Le aperture sono state decise in sostanza al buio come se si stesse giocando a un tavolo di poker, senza aver avuto alcun dato epidemiologico complessivo dalle regioni, né tanto meno si è dato fede agli ammonimenti dei medici che consigliavano di procedere con calma con aperture selettive, previo riscontro con un corretto sistema di monitoraggio dei territori e di tracciamento dei contagi in tempo reale. Sono queste tutte cose rimaste indeterminate e forse ancora tutte da mettere in piedi e da collaudare.
La grande paura con le sue 33.000 morti niente ci ha insegnato. La solidarietà si è subito liquefatta all’arrivo dell’estate nel mare dell’individualismo, dell’egoismo e del risorto consumismo. La nostra astinenza dalle merci inutili si è rifatta viva più forte che mai. Il feticismo ha celebrato il suo trionfo nelle file ad acquistare biciclette, nei supermercati, nei tablet per la didattica a distanza.

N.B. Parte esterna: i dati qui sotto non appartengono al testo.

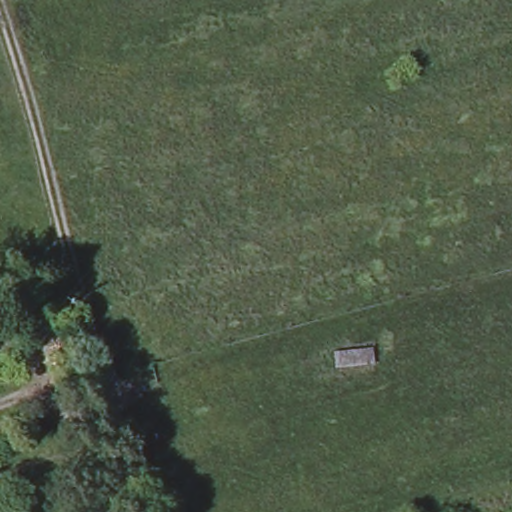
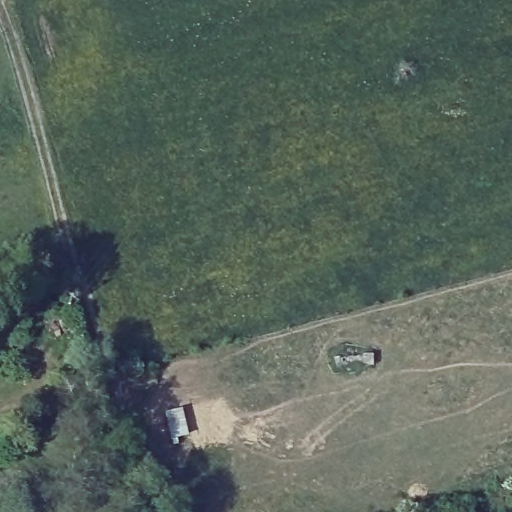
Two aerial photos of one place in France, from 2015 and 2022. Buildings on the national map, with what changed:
unchanged [(377,365),(340,369),(339,350),(372,345),(377,365)]

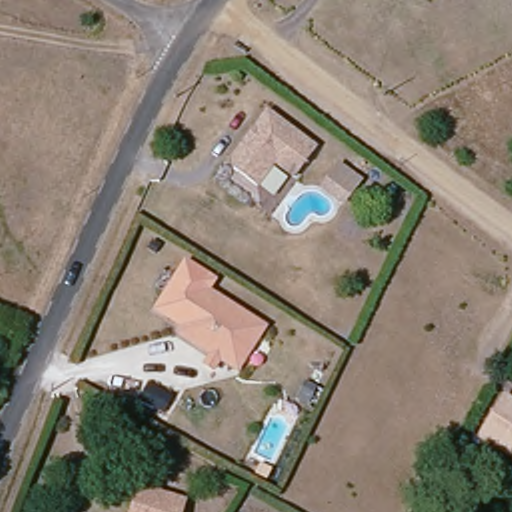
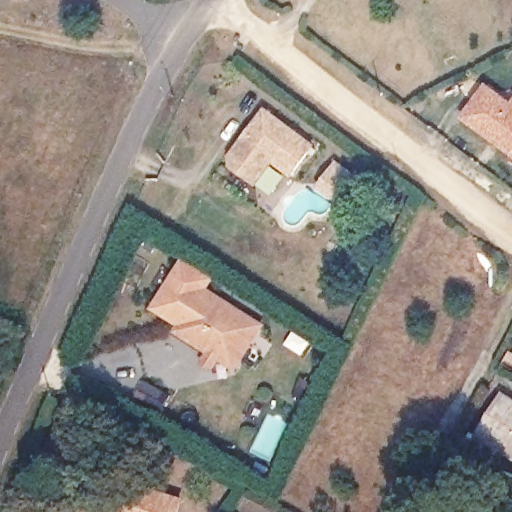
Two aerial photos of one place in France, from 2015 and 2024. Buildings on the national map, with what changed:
new [(512,157),(461,118),(487,83),(512,100),(512,157)]
unchanged [(294,176),(275,162),(258,185),(234,168),(232,158),(246,140),(254,142),(261,133),(254,128),(267,111),(315,146),(294,176)]
unchanged [(340,163),(360,178),(348,194),(328,180),(340,163)]
unchanged [(193,344),(176,333),(180,327),(153,310),(183,263),(210,281),(203,291),(262,329),(247,352),(235,371),(217,359),(214,364),(206,358),(209,354),(193,344)]
unchanged [(480,436),(503,396),(512,401),(512,455),(508,452),(480,436)]
unchanged [(144,483),(184,502),(179,512),(130,512),(144,483)]

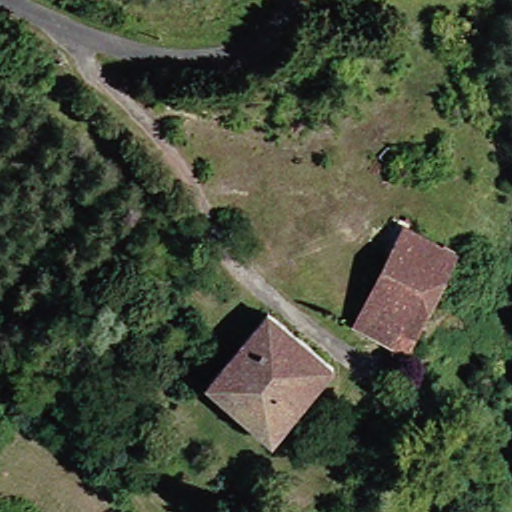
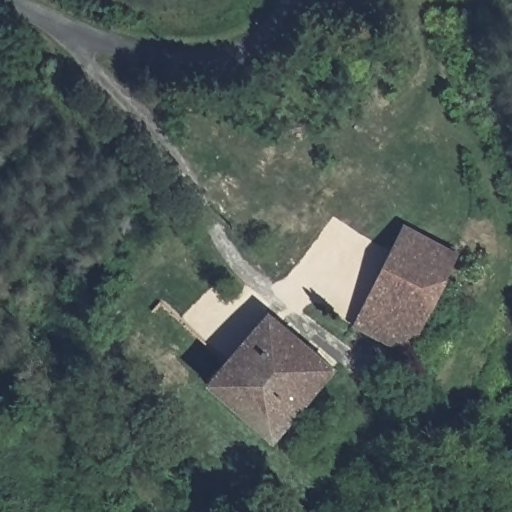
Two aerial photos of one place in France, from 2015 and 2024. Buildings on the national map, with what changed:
unchanged [(407,150),(425,159),(415,180),(398,171),(407,150)]
unchanged [(423,352),(369,325),(412,227),(467,253),(423,352)]
unchanged [(339,368),(281,440),(216,384),(281,312),(339,368)]

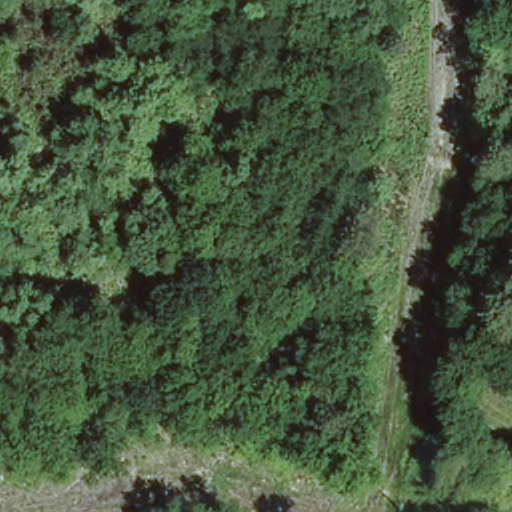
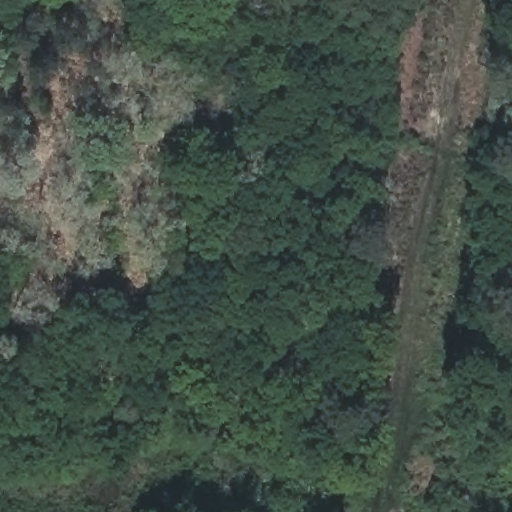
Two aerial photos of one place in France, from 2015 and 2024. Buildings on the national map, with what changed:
[]

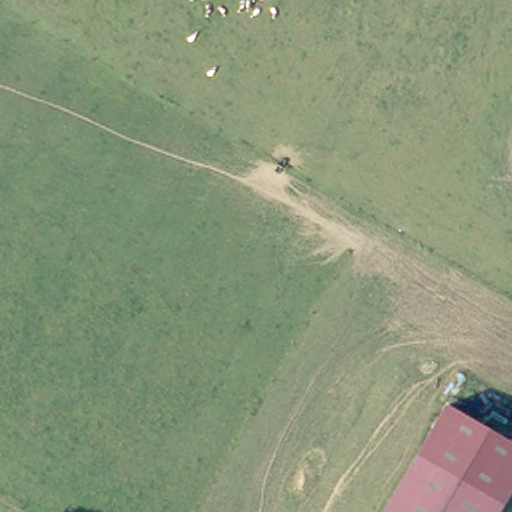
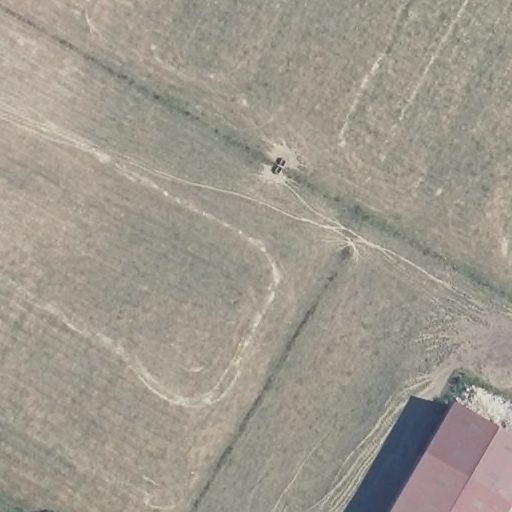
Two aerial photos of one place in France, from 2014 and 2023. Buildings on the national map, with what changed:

Abbiamo visto una scuola che il virus ha mandato in coma bruciando un intero anno scolastico, le richieste assurde di prestiti assicurati da garanzie governative ad imprese che risiedono all’estero per pagare meno tasse ma che si scoprono italiane solo in questi momenti e usano i lavoratori come scudi umani a protezione dei loro interessi di bottega, ponti che vengono giù come birilli mentre si incassano miliardi di euro in pedaggi, mentre milioni di persone non hanno ancora visto una lira e si ritrovano in coda alla Caritas o al monte di pietà per mangiare un pezzo di pane o per pagare bollette che nonostante tutto continuano ad arrivare in barba alle belle promesse, i 500.000 posti di lavoro abbattuti dal corona virus per il blocco di molte attività di lavoroeconomiche, i bilanci anemici dei comuni indeboliti ancora di più dal diminuito introito fiscale per la chiusura di molte imprese sui territori. In tutto questo la cosa che stupisce è lo strano silenzio da biblioteca che si respira, il grado zero di protesta delle piazze.
È il calmo silenzio che precede l’estate e ci spaventa e ci lascia con un velo di dubbio e di sospetto, preoccupati per quello che potrebbe accadere in autunno, se si continua a far finta di niente e a non risolvere i problemi. Prevalgono l’assurda speranza nella provvidenza, il dominio di un potere burocratico che tutto ingabbia, mentre il sistema bancario fa lo gnorri di fronte alle richieste d’aiuto di persone e imprese in serie difficoltà, lasciando terreno libero alle mafie e all’usura.
Credere che tutto ritorni come prima è un limpido sogno, un’illusione, un miraggio, ma è veramente da folli ragionare che le cose possono aggiustarsi da sole. Qui occorre muoversi subito, velocemente, collettivamente, con una prassi partecipativa dal basso che faccia da motore di avviamento per fabbricare un programma minimo di cambiamento e compatti un fronte di resistenza a sinistra in grado di occupare gli spazi dell’agire politico. Altrimenti potrebbero emergere pastori di greggi che cavalcando l’onda della crisi spingeranno il paese, con lacrime e sangue, a destra in bocca ai mercati con la nostra maxi dote di 2431 miliardi di debito pubblico e a cui si aggiungeranno i 172,7 miliardi di Recovery fund.